■ THE RECORDS

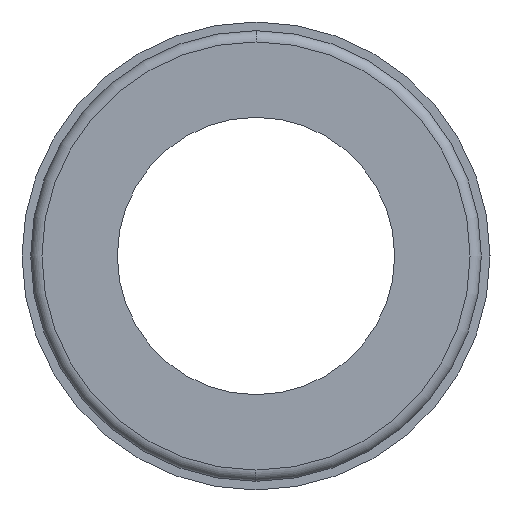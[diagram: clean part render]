
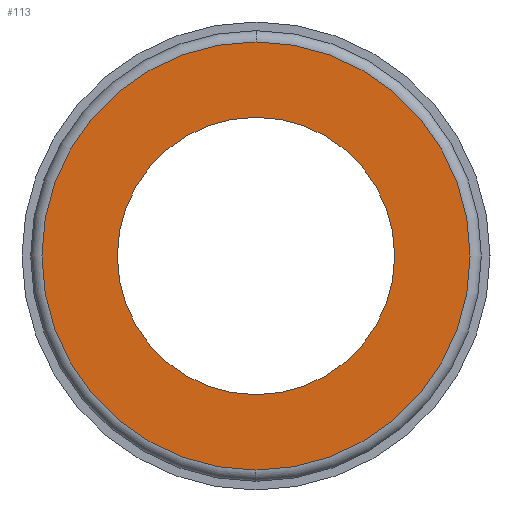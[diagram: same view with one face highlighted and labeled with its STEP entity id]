
A CAD part, left-side view. The second image highlights one B-rep face of the part: STEP entity #113.
In plain terms, the highlighted planar face has unit normal (-1, 0, 0).
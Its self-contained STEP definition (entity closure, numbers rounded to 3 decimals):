
#113=ADVANCED_FACE('',(#257,#258),#259,.T.);
#257=FACE_BOUND('',#402,.T.);
#258=FACE_OUTER_BOUND('',#403,.T.);
#259=PLANE('',#404);
#402=EDGE_LOOP('',(#947,#948));
#403=EDGE_LOOP('',(#949,#950,#951));
#404=AXIS2_PLACEMENT_3D('',#952,#953,#954);
#947=ORIENTED_EDGE('',*,*,#1106,.T.);
#948=ORIENTED_EDGE('',*,*,#1028,.T.);
#949=ORIENTED_EDGE('',*,*,#1126,.T.);
#950=ORIENTED_EDGE('',*,*,#959,.T.);
#951=ORIENTED_EDGE('',*,*,#1127,.T.);
#952=CARTESIAN_POINT('',(-18.805,-3.088,0.0));
#953=DIRECTION('',(-1.0,0.,0.0));
#954=DIRECTION('',(0.,-1.0,0.0));
#959=EDGE_CURVE('',#1129,#1135,#1137,.T.);
#1028=EDGE_CURVE('',#1261,#1265,#1267,.T.);
#1106=EDGE_CURVE('',#1265,#1261,#1391,.T.);
#1126=EDGE_CURVE('',#1412,#1129,#1413,.T.);
#1127=EDGE_CURVE('',#1135,#1412,#1414,.T.);
#1129=VERTEX_POINT('',#1416);
#1135=VERTEX_POINT('',#1422);
#1137=CIRCLE('',#1424,6.175);
#1261=VERTEX_POINT('',#1613);
#1265=VERTEX_POINT('',#1618);
#1267=CIRCLE('',#1621,4.0);
#1391=CIRCLE('',#1876,4.0);
#1412=VERTEX_POINT('',#1897);
#1413=CIRCLE('',#1898,6.175);
#1414=CIRCLE('',#1899,6.175);
#1416=CARTESIAN_POINT('',(-18.805,0.,6.175));
#1422=CARTESIAN_POINT('',(-18.805,0.,-6.175));
#1424=AXIS2_PLACEMENT_3D('',#1912,#1913,#1914);
#1613=CARTESIAN_POINT('',(-18.805,0.,-4.0));
#1618=CARTESIAN_POINT('',(-18.805,0.,4.0));
#1621=AXIS2_PLACEMENT_3D('',#2065,#2066,#2067);
#1876=AXIS2_PLACEMENT_3D('',#2193,#2194,#2195);
#1897=CARTESIAN_POINT('',(-18.805,-6.175,0.0));
#1898=AXIS2_PLACEMENT_3D('',#2253,#2254,#2255);
#1899=AXIS2_PLACEMENT_3D('',#2256,#2257,#2258);
#1912=CARTESIAN_POINT('',(-18.805,0.0,0.0));
#1913=DIRECTION('',(-1.0,0.,0.0));
#1914=DIRECTION('',(0.,-1.0,0.0));
#2065=CARTESIAN_POINT('',(-18.805,0.0,0.0));
#2066=DIRECTION('',(1.0,0.,0.0));
#2067=DIRECTION('',(0.0,0.0,-1.0));
#2193=CARTESIAN_POINT('',(-18.805,0.0,0.0));
#2194=DIRECTION('',(1.0,0.,0.0));
#2195=DIRECTION('',(0.0,0.0,-1.0));
#2253=CARTESIAN_POINT('',(-18.805,0.0,0.0));
#2254=DIRECTION('',(-1.0,0.,0.0));
#2255=DIRECTION('',(0.,-1.0,0.0));
#2256=CARTESIAN_POINT('',(-18.805,0.0,0.0));
#2257=DIRECTION('',(-1.0,0.,0.0));
#2258=DIRECTION('',(0.,-1.0,0.0));

■ WHAT YOU HAVE TO DO
When copying the listing above, begin at its first line and stop after the line with "#951=ORIENTED_EDGE('',*,*,#1127,.T.);", keeping each line exact and dropping the pictures.

■ RESPONSE FOR THIS EXERCISE
[diagram: clean part render]
[diagram: same view with one face highlighted and labeled with its STEP entity id]
A CAD part, left-side view. The second image highlights one B-rep face of the part: STEP entity #113.
In plain terms, the highlighted planar face has unit normal (-1, 0, 0).
Its self-contained STEP definition (entity closure, numbers rounded to 3 decimals):
#113=ADVANCED_FACE('',(#257,#258),#259,.T.);
#257=FACE_BOUND('',#402,.T.);
#258=FACE_OUTER_BOUND('',#403,.T.);
#259=PLANE('',#404);
#402=EDGE_LOOP('',(#947,#948));
#403=EDGE_LOOP('',(#949,#950,#951));
#404=AXIS2_PLACEMENT_3D('',#952,#953,#954);
#947=ORIENTED_EDGE('',*,*,#1106,.T.);
#948=ORIENTED_EDGE('',*,*,#1028,.T.);
#949=ORIENTED_EDGE('',*,*,#1126,.T.);
#950=ORIENTED_EDGE('',*,*,#959,.T.);
#951=ORIENTED_EDGE('',*,*,#1127,.T.);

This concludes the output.